TASK GOAL -> All entries are to be transcribed verbatim, but images are not carried over.

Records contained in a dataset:
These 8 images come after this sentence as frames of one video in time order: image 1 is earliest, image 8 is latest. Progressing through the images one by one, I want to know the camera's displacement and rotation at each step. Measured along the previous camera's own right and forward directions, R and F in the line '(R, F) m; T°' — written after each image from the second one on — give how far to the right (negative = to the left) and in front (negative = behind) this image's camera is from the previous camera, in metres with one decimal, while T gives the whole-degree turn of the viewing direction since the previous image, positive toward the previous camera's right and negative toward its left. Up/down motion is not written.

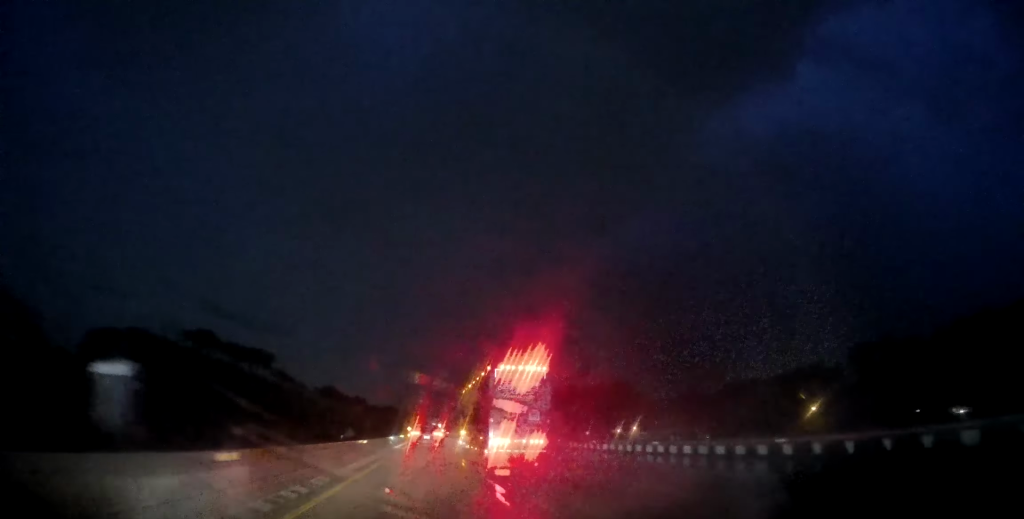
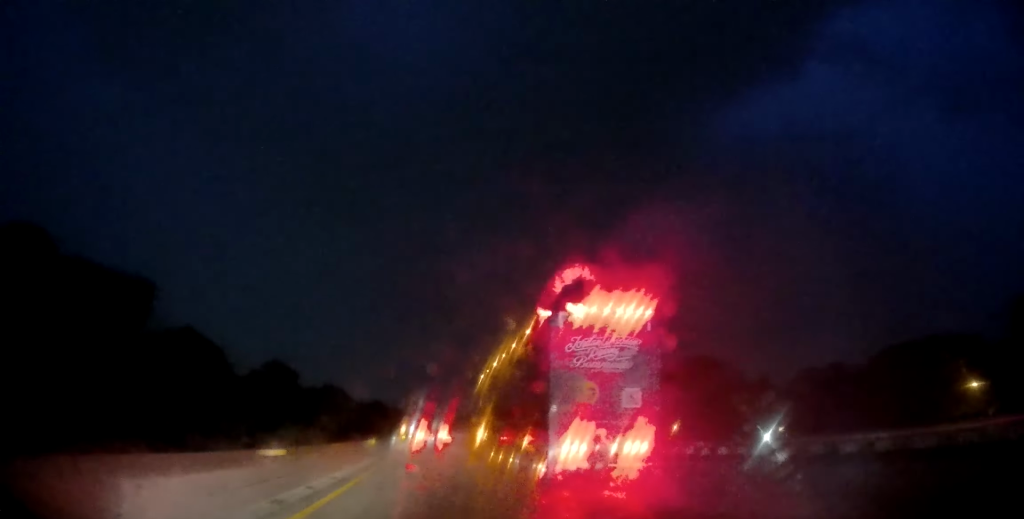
(+0.6, +58.7) m; 0°
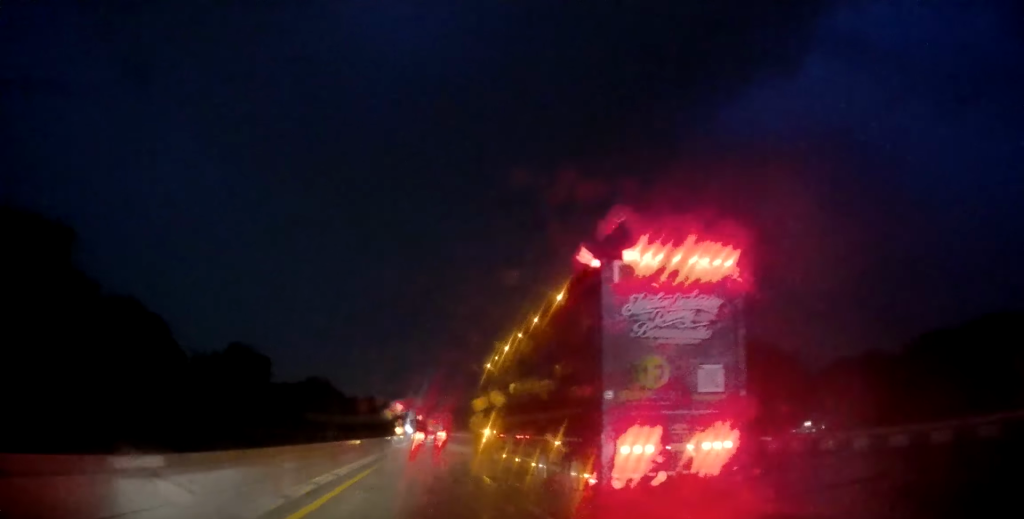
(-0.5, +19.6) m; -1°
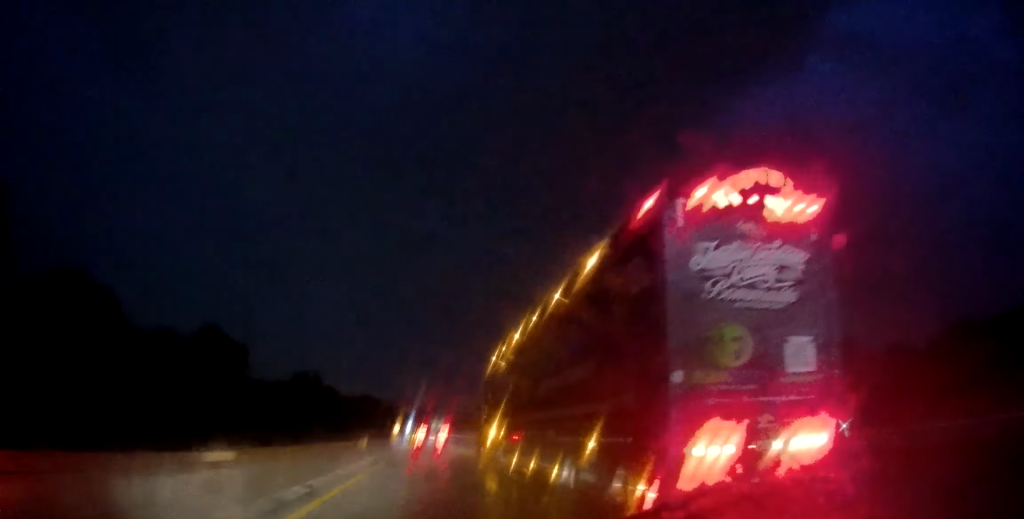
(+0.1, +13.1) m; 0°
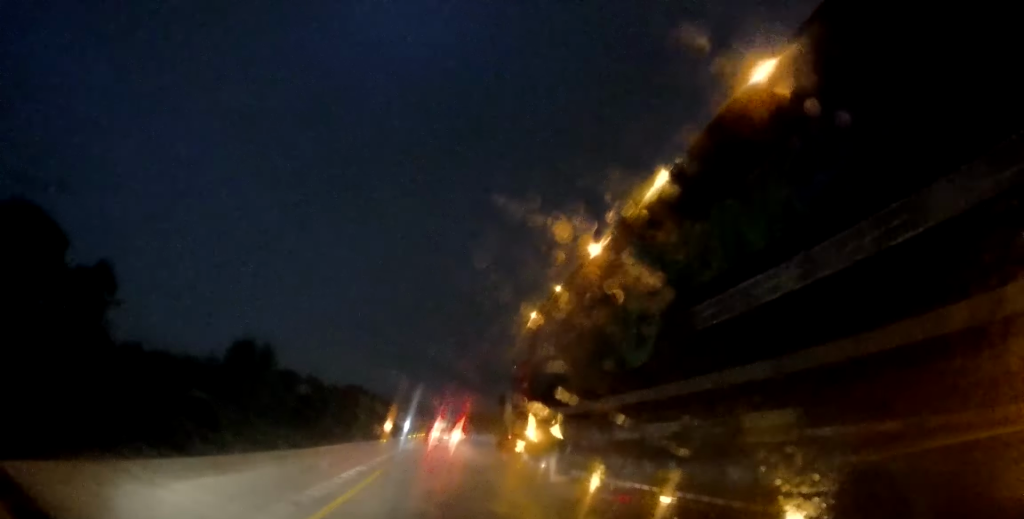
(+0.4, +40.3) m; +1°
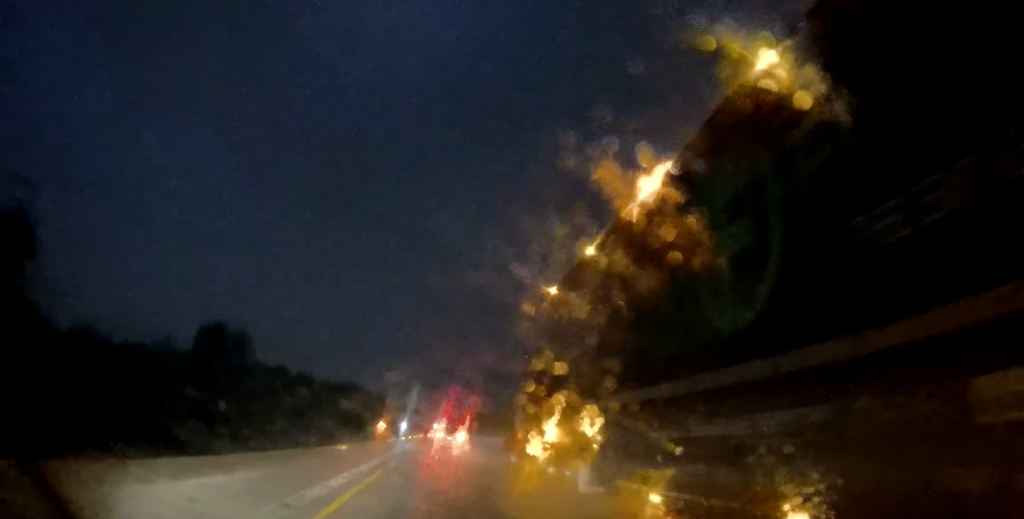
(+0.1, +12.3) m; 0°
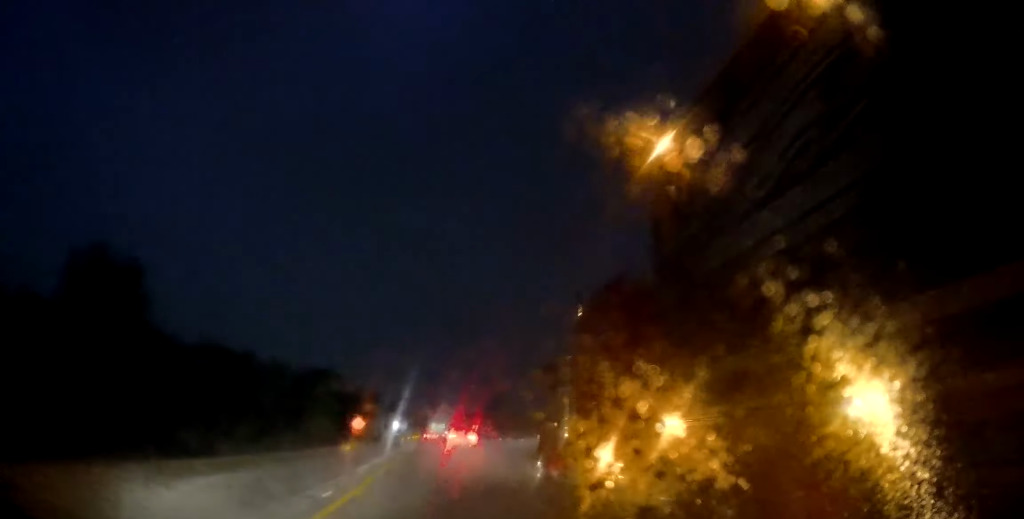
(+0.2, +29.5) m; 0°
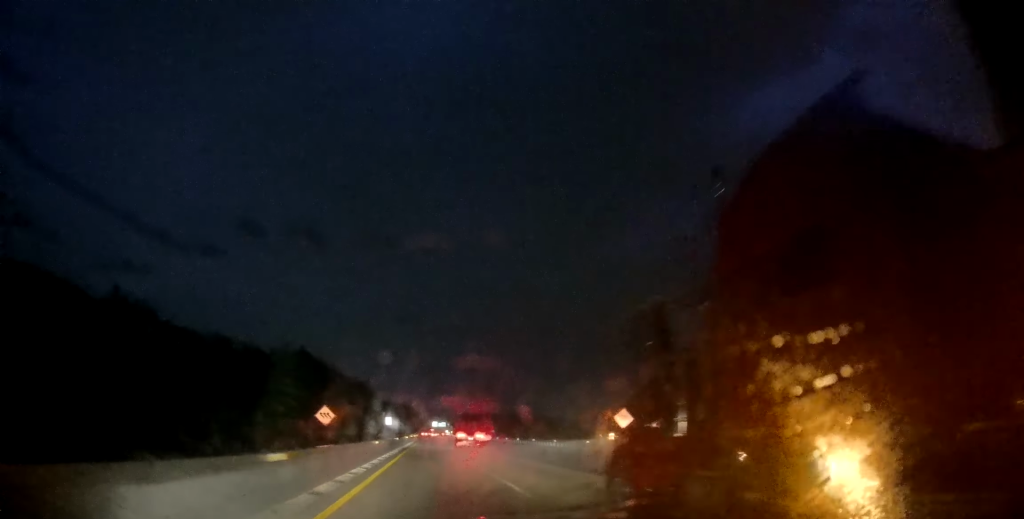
(-0.3, +22.0) m; -1°
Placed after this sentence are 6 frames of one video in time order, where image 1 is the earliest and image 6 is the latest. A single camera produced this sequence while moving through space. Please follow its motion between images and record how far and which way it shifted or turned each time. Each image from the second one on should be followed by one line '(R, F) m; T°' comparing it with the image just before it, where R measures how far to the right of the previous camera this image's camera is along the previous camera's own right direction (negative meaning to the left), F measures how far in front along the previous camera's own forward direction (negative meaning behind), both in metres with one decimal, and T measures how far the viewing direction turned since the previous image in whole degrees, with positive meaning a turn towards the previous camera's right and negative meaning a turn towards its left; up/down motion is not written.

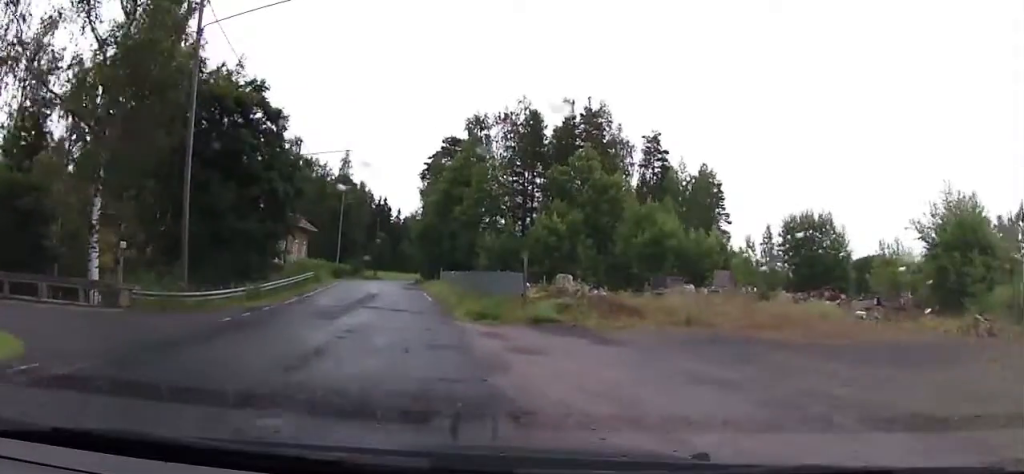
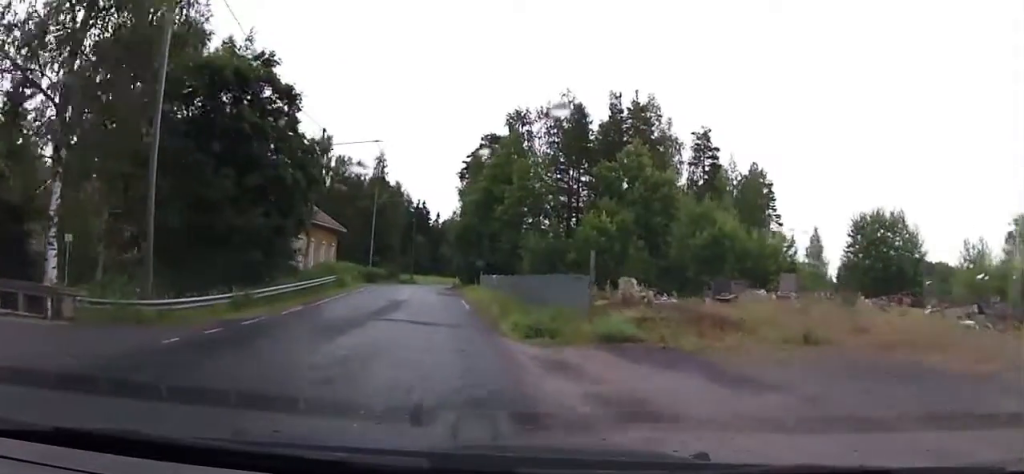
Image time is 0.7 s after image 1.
(0.0, +4.8) m; -4°
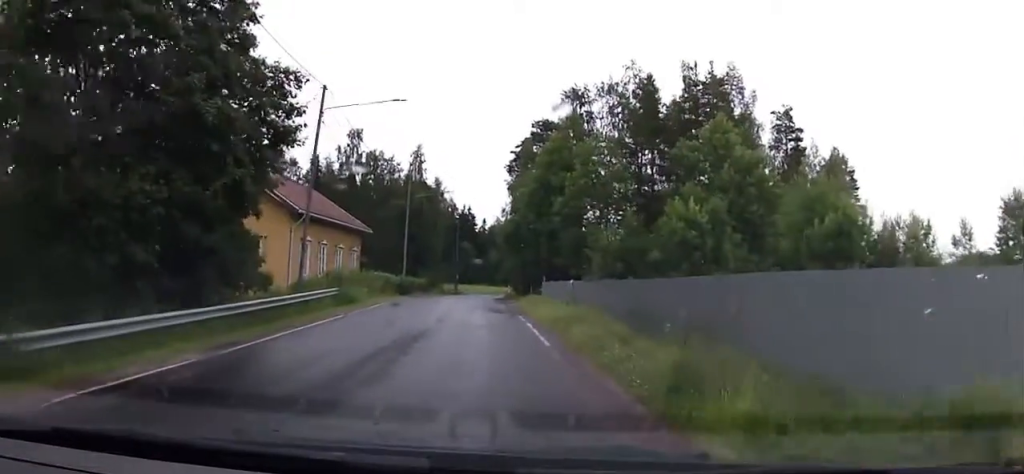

TASK RESPONSE ->
These 8 images come after this sentence as frames of one video in time order: image 1 is earliest, image 8 is latest. Progressing through the images one by one, I want to know the camera's displacement and rotation at each step. Measured along the previous camera's own right and forward directions, R and F in the line '(R, F) m; T°' — written after each image from the second one on — give how far to the right (negative = to the left) and in front (negative = behind) this image's camera is from the previous camera, in metres with one decimal, while T gives the whole-degree turn of the viewing direction since the previous image, positive toward the previous camera's right and negative toward its left. Up/down motion is not written.

(+0.6, +58.7) m; 0°
(-0.5, +19.6) m; -1°
(+0.1, +13.1) m; 0°
(+0.4, +40.3) m; +1°
(+0.1, +12.3) m; 0°
(+0.2, +29.5) m; 0°
(-0.3, +22.0) m; -1°
Placed after this sentence are 6 frames of one video in time order, where image 1 is the earliest and image 6 is the latest. A single camera produced this sequence while moving through space. Please follow its motion between images and record how far and which way it shifted or turned each time. Each image from the second one on should be followed by one line '(R, F) m; T°' comparing it with the image just before it, where R measures how far to the right of the previous camera this image's camera is along the previous camera's own right direction (negative meaning to the left), F measures how far in front along the previous camera's own forward direction (negative meaning behind), both in metres with one decimal, and T measures how far the viewing direction turned since the previous image in whole degrees, with positive meaning a turn towards the previous camera's right and negative meaning a turn towards its left; up/down motion is not written.

Image time is 0.7 s after image 1.
(0.0, +4.8) m; -4°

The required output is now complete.